The cop opened mama’s secret drawer and rifled through it, upsetting her underthings. Gray winced, knowing how mad his mama was going to be. She’d made him swear never to open that drawer, never even to look at it. He watched as a meaty hand pulled out mama’s cigarettes, her pipes and baggies. He watched, astonished, as the hand removed a large roll of money and shoved it into a blue pocket. His breath rushed out of him, despite himself. He’d never known his mama was rich.
Without warning the closet door burst open.
“Gray? I know y’all are in there, boy. There’s no use tryin’ to hide. Come on out now.”
As the cop pawed through mama’s clothes, Gray’s mind raced with plans for escape. If he could make it past the cop and out the back door he could disappear into the alley and wait until mama came to find him.
With this thought firmly in mind, he sprang from his hiding place and bolted out the door. Halfway across the room the other cop intercepted him.
“Woah there, little man. What’s your hurry?”
Finding himself wrapped in a pair of colossal arms, Gray shrieked with rage. Turning his head, he sank his teeth into one of the oversized biceps. Shouting obscenities, the cop threw him to the floor and slapped a pair of handcuffs on him.
“You’re cuffin’ him? Little bit of a thing like that?” the other cop asked.
“The little prick bit me. Lookit this. I’m bleedin’.”
The cop propelled him through the apartment and shoved him into the
back of the police car.
“You’re gonna be sorry,” Gray shrieked. “You never shoulda took my mama’s money.”
“You keep your mouth shut.”
“She’s gonna be madder than hell.”
“Listen here,” the cop said, his face inches from Gray’s. “I didn’t take nobody’s money, and even if I did, your mama ain’t gonna do a damned thing about it. She’s down at the county coroner’s office, dead as a doornail.”
Gray stared at the man in shocked silence, trying to picture his pretty mama grotesque and bloated like the cat in the gutter beside the dumpster. It was a lie. It had to be. Hot tears sprang to his eyes and he scrubbed at them with the back of his hand.

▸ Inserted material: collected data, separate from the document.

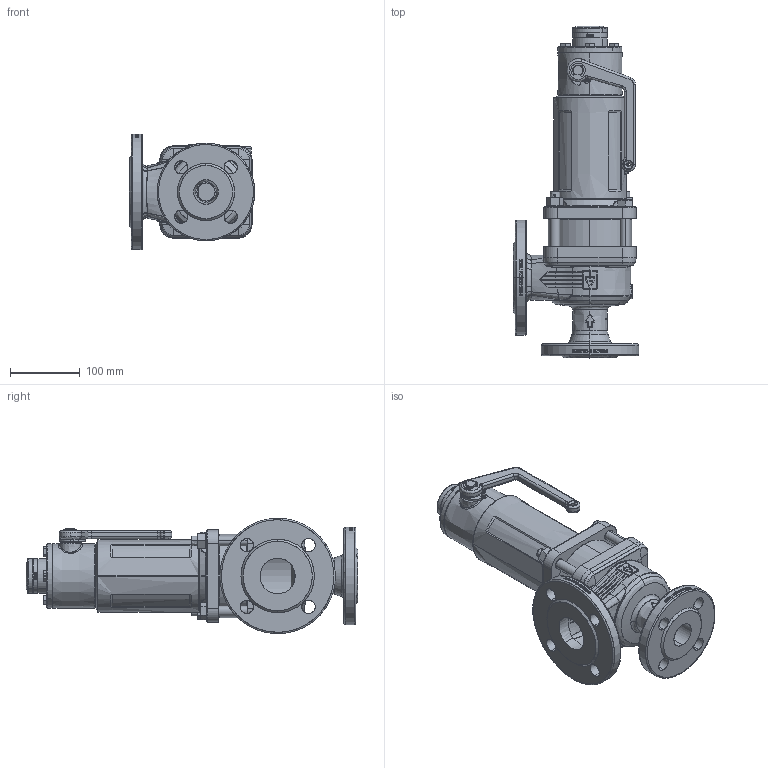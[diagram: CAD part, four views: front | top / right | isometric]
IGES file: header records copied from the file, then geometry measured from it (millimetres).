
Start section: SolidWorks IGES file using analytic representation for surfaces
Global section: file name: 355TBGFL_32_FLFL_3250_MD.IGS; native system: SolidWorks 2020; preprocessor: SolidWorks 2020; author: Hildenbrand; date: 200723.091436; units: millimetre
Bounding box: 180 x 475.3 x 165 mm (x, y, z)
Surface area: 522660.6 mm2 (no closed solid volume)
Topology: 0 solids, 0 shells, 2265 faces, 30635 edges, 30597 vertices
Faces by surface type: bspline 1401, revolution 864
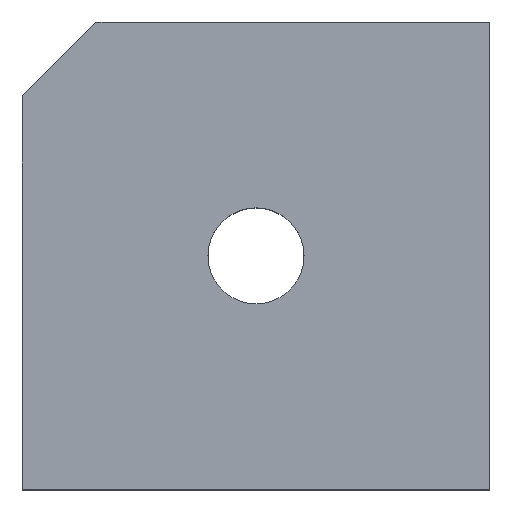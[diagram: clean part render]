
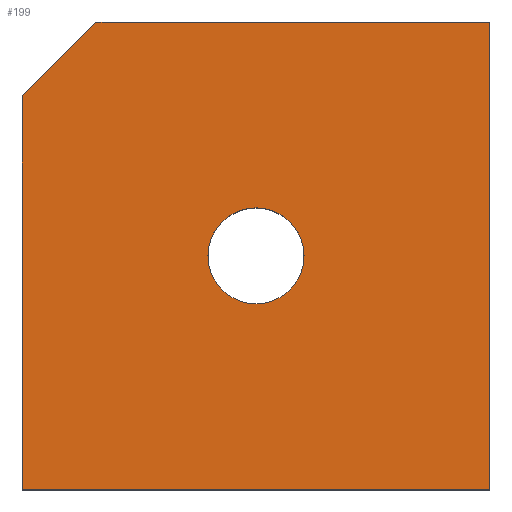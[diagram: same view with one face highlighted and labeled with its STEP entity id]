
A CAD part, top view. The second image highlights one B-rep face of the part: STEP entity #199.
In plain terms, the highlighted planar face has unit normal (0, 0, 1).
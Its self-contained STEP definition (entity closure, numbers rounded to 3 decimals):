
#24 = VERTEX_POINT('',#25);
#25 = CARTESIAN_POINT('',(-3.1,0.1,6.4));
#31 = EDGE_CURVE('',#24,#32,#34,.T.);
#32 = VERTEX_POINT('',#33);
#33 = CARTESIAN_POINT('',(-0.1,3.1,6.4));
#34 = LINE('',#35,#36);
#35 = CARTESIAN_POINT('',(-3.1,0.1,6.4));
#36 = VECTOR('',#37,1.);
#37 = DIRECTION('',(0.707,0.707,0.));
#64 = VERTEX_POINT('',#65);
#65 = CARTESIAN_POINT('',(-3.1,-15.9,6.4));
#71 = EDGE_CURVE('',#64,#24,#72,.T.);
#72 = LINE('',#73,#74);
#73 = CARTESIAN_POINT('',(-3.1,-15.9,6.4));
#74 = VECTOR('',#75,1.);
#75 = DIRECTION('',(0.,1.,0.));
#93 = EDGE_CURVE('',#32,#94,#96,.T.);
#94 = VERTEX_POINT('',#95);
#95 = CARTESIAN_POINT('',(15.9,3.1,6.4));
#96 = LINE('',#97,#98);
#97 = CARTESIAN_POINT('',(-0.1,3.1,6.4));
#98 = VECTOR('',#99,1.);
#99 = DIRECTION('',(1.,0.,0.));
#199 = ADVANCED_FACE('',(#200,#219),#230,.T.);
#200 = FACE_BOUND('',#201,.F.);
#201 = EDGE_LOOP('',(#202,#203,#204,#212,#218));
#202 = ORIENTED_EDGE('',*,*,#31,.T.);
#203 = ORIENTED_EDGE('',*,*,#93,.T.);
#204 = ORIENTED_EDGE('',*,*,#205,.T.);
#205 = EDGE_CURVE('',#94,#206,#208,.T.);
#206 = VERTEX_POINT('',#207);
#207 = CARTESIAN_POINT('',(15.9,-15.9,6.4));
#208 = LINE('',#209,#210);
#209 = CARTESIAN_POINT('',(15.9,3.1,6.4));
#210 = VECTOR('',#211,1.);
#211 = DIRECTION('',(0.,-1.,0.));
#212 = ORIENTED_EDGE('',*,*,#213,.T.);
#213 = EDGE_CURVE('',#206,#64,#214,.T.);
#214 = LINE('',#215,#216);
#215 = CARTESIAN_POINT('',(15.9,-15.9,6.4));
#216 = VECTOR('',#217,1.);
#217 = DIRECTION('',(-1.,0.,0.));
#218 = ORIENTED_EDGE('',*,*,#71,.T.);
#219 = FACE_BOUND('',#220,.F.);
#220 = EDGE_LOOP('',(#221));
#221 = ORIENTED_EDGE('',*,*,#222,.T.);
#222 = EDGE_CURVE('',#223,#223,#225,.T.);
#223 = VERTEX_POINT('',#224);
#224 = CARTESIAN_POINT('',(8.35,-6.4,6.4));
#225 = CIRCLE('',#226,1.95);
#226 = AXIS2_PLACEMENT_3D('',#227,#228,#229);
#227 = CARTESIAN_POINT('',(6.4,-6.4,6.4));
#228 = DIRECTION('',(0.,0.,1.));
#229 = DIRECTION('',(1.,0.,0.));
#230 = PLANE('',#231);
#231 = AXIS2_PLACEMENT_3D('',#232,#233,#234);
#232 = CARTESIAN_POINT('',(-3.1,0.1,6.4));
#233 = DIRECTION('',(0.,0.,1.));
#234 = DIRECTION('',(1.,0.,0.));
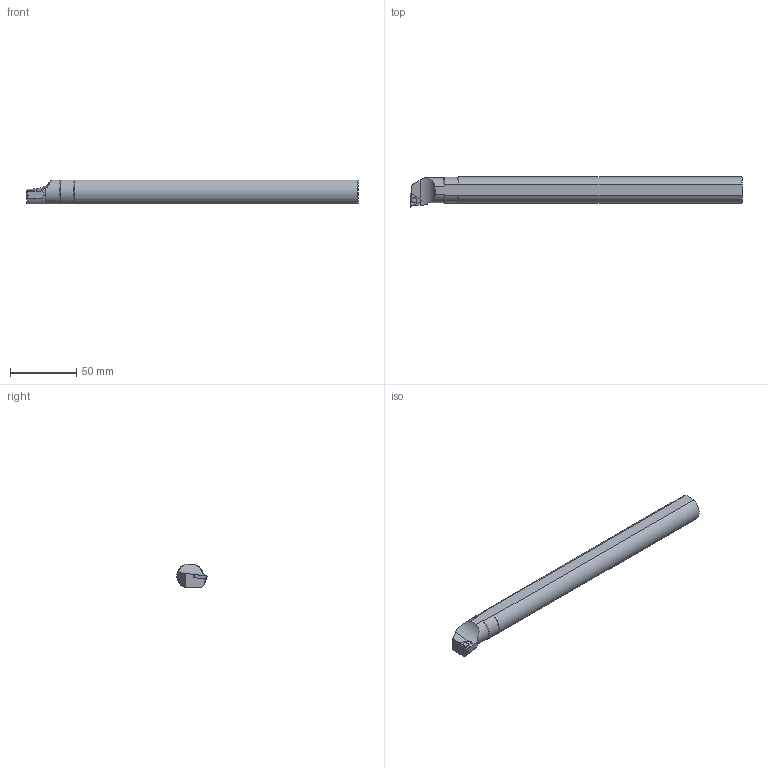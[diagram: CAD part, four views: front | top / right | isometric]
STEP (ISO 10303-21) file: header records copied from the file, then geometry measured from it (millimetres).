
FILE_DESCRIPTION(/* description */ (''),/* implementation_level */ '2;1');
FILE_NAME(/* name */ 'A20SSTFCR11_SIM.stp',/* time_stamp */ '2021-10-18T14:36:14+02:00',/* author */ (''),/* organization */ (''),/* preprocessor_version */ 'ST-DEVELOPER v16.7',/* originating_system */ 'SIEMENS PLM Software NX 12.0',/* authorisation */ '');
FILE_SCHEMA (('AUTOMOTIVE_DESIGN { 1 0 10303 214 3 1 1 1 }'));
Length unit declared in the file: millimetre
Products named in the file (1): model1
Bounding box: 251.34 x 22.86 x 18 mm (x, y, z)
Volume: 73649.6 mm3; surface area: 16098.7 mm2
Topology: 2 solids, 2 shells, 36 faces, 95 edges, 63 vertices
Faces by surface type: cylinder 14, plane 12, torus 6, cone 4
Full cylindrical faces by diameter (mm): 2.8 x1, 4 x1
Entity records: 1292 total; most frequent: CARTESIAN_POINT 391, ORIENTED_EDGE 182, DIRECTION 177, EDGE_CURVE 91, AXIS2_PLACEMENT_3D 71, VERTEX_POINT 62, EDGE_LOOP 41, ADVANCED_FACE 36
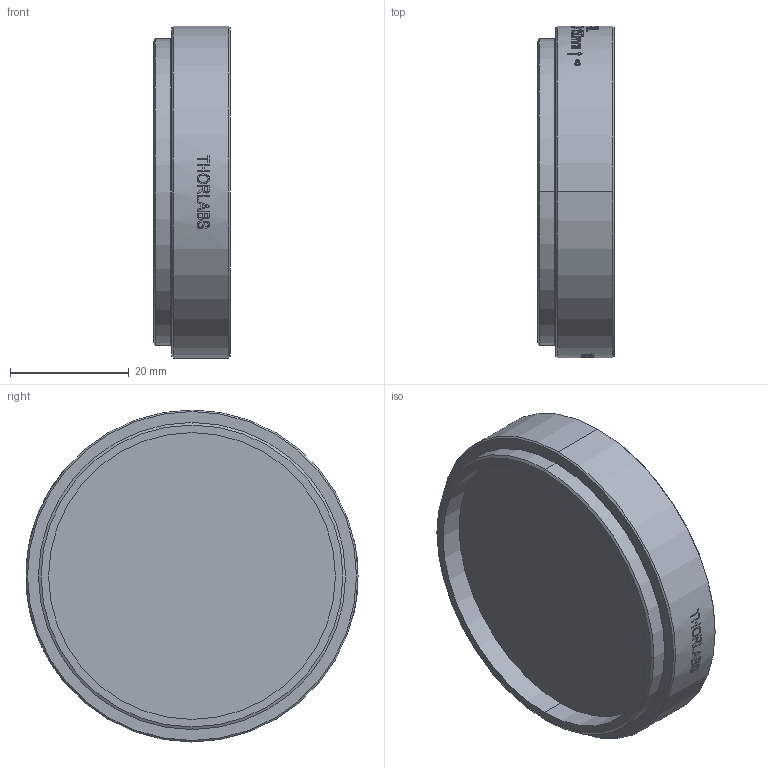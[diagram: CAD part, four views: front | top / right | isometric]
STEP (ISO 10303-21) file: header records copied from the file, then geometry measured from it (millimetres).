
FILE_DESCRIPTION (( 'STEP AP203' ), '1' );
FILE_NAME ('TTN039582-E0W.STEP', '2015-11-13T20:53:34', ( 'admin' ), ( '' ), 'SwSTEP 2.0', 'SolidWorks 2014', '' );
FILE_SCHEMA (( 'CONFIG_CONTROL_DESIGN' ));
Length unit declared in the file: inch
Products named in the file (1): TTN039582-E0W
Bounding box: 12.95 x 55.88 x 55.88 mm (x, y, z)
Volume: 15594 mm3; surface area: 11406.4 mm2
Topology: 3 solids, 3 shells, 107 faces, 551 edges, 506 vertices
Faces by surface type: cylinder 71, cone 18, plane 16, sphere 2
Entity records: 9207 total; most frequent: CARTESIAN_POINT 4686, ORIENTED_EDGE 1102, DIRECTION 735, EDGE_CURVE 551, VERTEX_POINT 506, AXIS2_PLACEMENT_3D 294, B_SPLINE_CURVE_WITH_KNOTS 218, CIRCLE 186
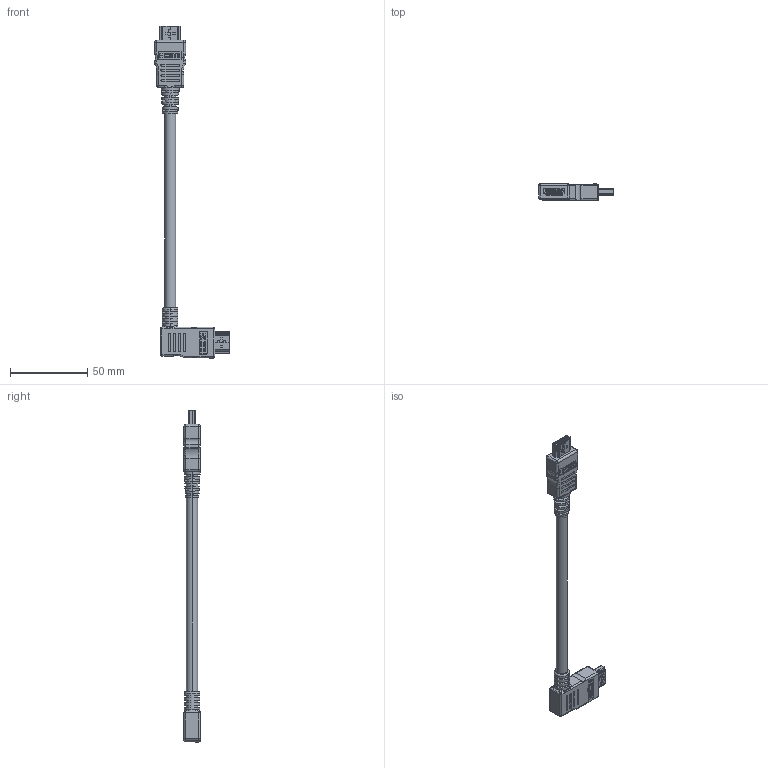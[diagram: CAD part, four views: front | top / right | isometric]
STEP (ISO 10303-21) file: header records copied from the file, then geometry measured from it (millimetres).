
FILE_DESCRIPTION (( 'STEP AP214' ), '1' );
FILE_NAME ('HDRAZ_3D.STEP', '2020-12-22T19:03:04', ( '' ), ( '' ), 'SwSTEP 2.0', 'SolidWorks 2018', '' );
FILE_SCHEMA (( 'AUTOMOTIVE_DESIGN' ));
Length unit declared in the file: inch
Products named in the file (14): MTN-547_with Global Connectivity logo; MTN-548; MTN-547; 1AH05-007-MA2___; MTN-518_with Global Connectivity logo; 1AH05-007-MA3___; 1AH05-007___; 1AH05-013-MA1___; 1AH05-007-MA1___; 3AB14-022-MA2; MTN-518___; HDRAZ_3D; 1AH05-013___; 1AH05-013-MA2___
Assembly tree (13 placements, depth 4):
  HDRAZ_3D
    3AB14-022-MA2
    MTN-518___
      MTN-518_with Global Connectivity logo
      1AH05-007___
        1AH05-007-MA2___
        1AH05-007-MA1___
        1AH05-007-MA3___
    MTN-547
      MTN-547_with Global Connectivity logo
      MTN-548
      1AH05-013___
        1AH05-013-MA2___
        1AH05-013-MA1___
Bounding box: 48.1 x 10.88 x 214.59 mm (x, y, z)
Volume: 25069.6 mm3; surface area: 18611 mm2
Topology: 47 solids, 47 shells, 4858 faces, 12720 edges, 8356 vertices
Faces by surface type: plane 4015, cylinder 601, bspline 168, torus 44, sphere 28, cone 2
Entity records: 168761 total; most frequent: CARTESIAN_POINT 34076, ORIENTED_EDGE 25356, DIRECTION 22943, EDGE_CURVE 12678, VECTOR 10945, LINE 10945, VERTEX_POINT 8356, AXIS2_PLACEMENT_3D 5999
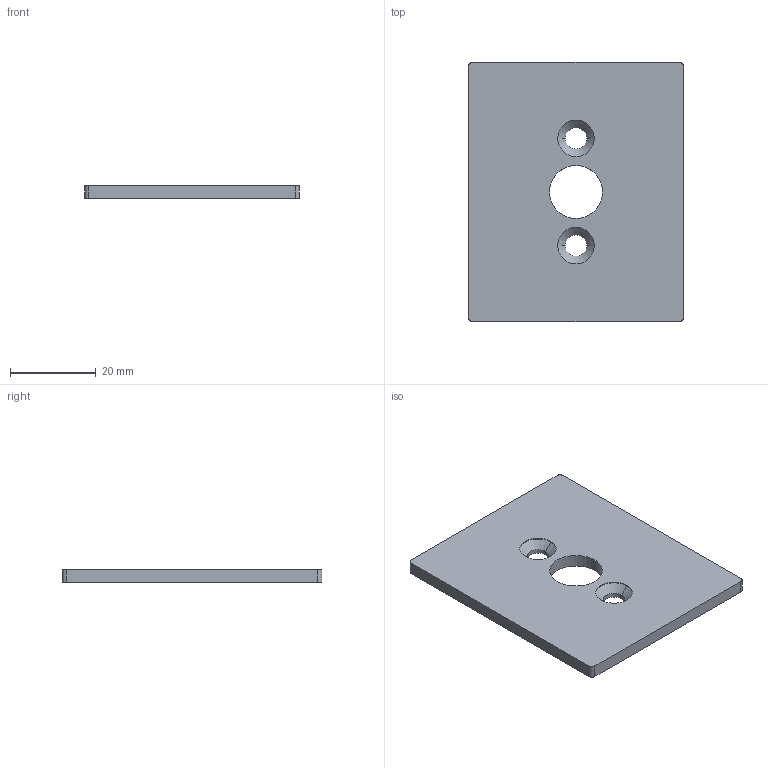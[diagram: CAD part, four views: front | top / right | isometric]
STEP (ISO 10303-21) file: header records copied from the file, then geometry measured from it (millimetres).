
FILE_DESCRIPTION (( 'STEP AP214' ), '1' );
FILE_NAME ('FG_CH50x60-R7016.STEP', '2024-11-11T12:07:14', ( '' ), ( '' ), 'SwSTEP 2.0', 'SolidWorks 2019', '' );
FILE_SCHEMA (( 'AUTOMOTIVE_DESIGN' ));
Length unit declared in the file: millimetre
Products named in the file (1): FG_CH50x60-R7016
Bounding box: 50 x 60.5 x 3 mm (x, y, z)
Volume: 8524 mm3; surface area: 6580.3 mm2
Topology: 1 solids, 1 shells, 24 faces, 58 edges, 36 vertices
Faces by surface type: cylinder 14, plane 6, cone 4
Entity records: 752 total; most frequent: DIRECTION 136, CARTESIAN_POINT 119, ORIENTED_EDGE 116, EDGE_CURVE 58, AXIS2_PLACEMENT_3D 53, VERTEX_POINT 36, LINE 30, EDGE_LOOP 30

At the police station, an old, gray-haired cop with a shaggy white beard insisted they remove the handcuffs. He gave Gray a bottle of soda and a stale doughnut and sent him to a lumpy sofa in the corner to wait.
Gray stared at the barred windows and at the Wanted posters that lined the walls, and tried to fathom what he’d done wrong. He thought of
asking the old cop, who sat at a battered desk, eating a doughnut with one hand while he pecked at the keys of a typewriter with the other. But Gray had learned early on that when in trouble it was best to say nothing at all.
The heat of the room, coupled with the late hour and the hypnotic clacking of typewriter keys made him sleepy and he felt his eyelids droop.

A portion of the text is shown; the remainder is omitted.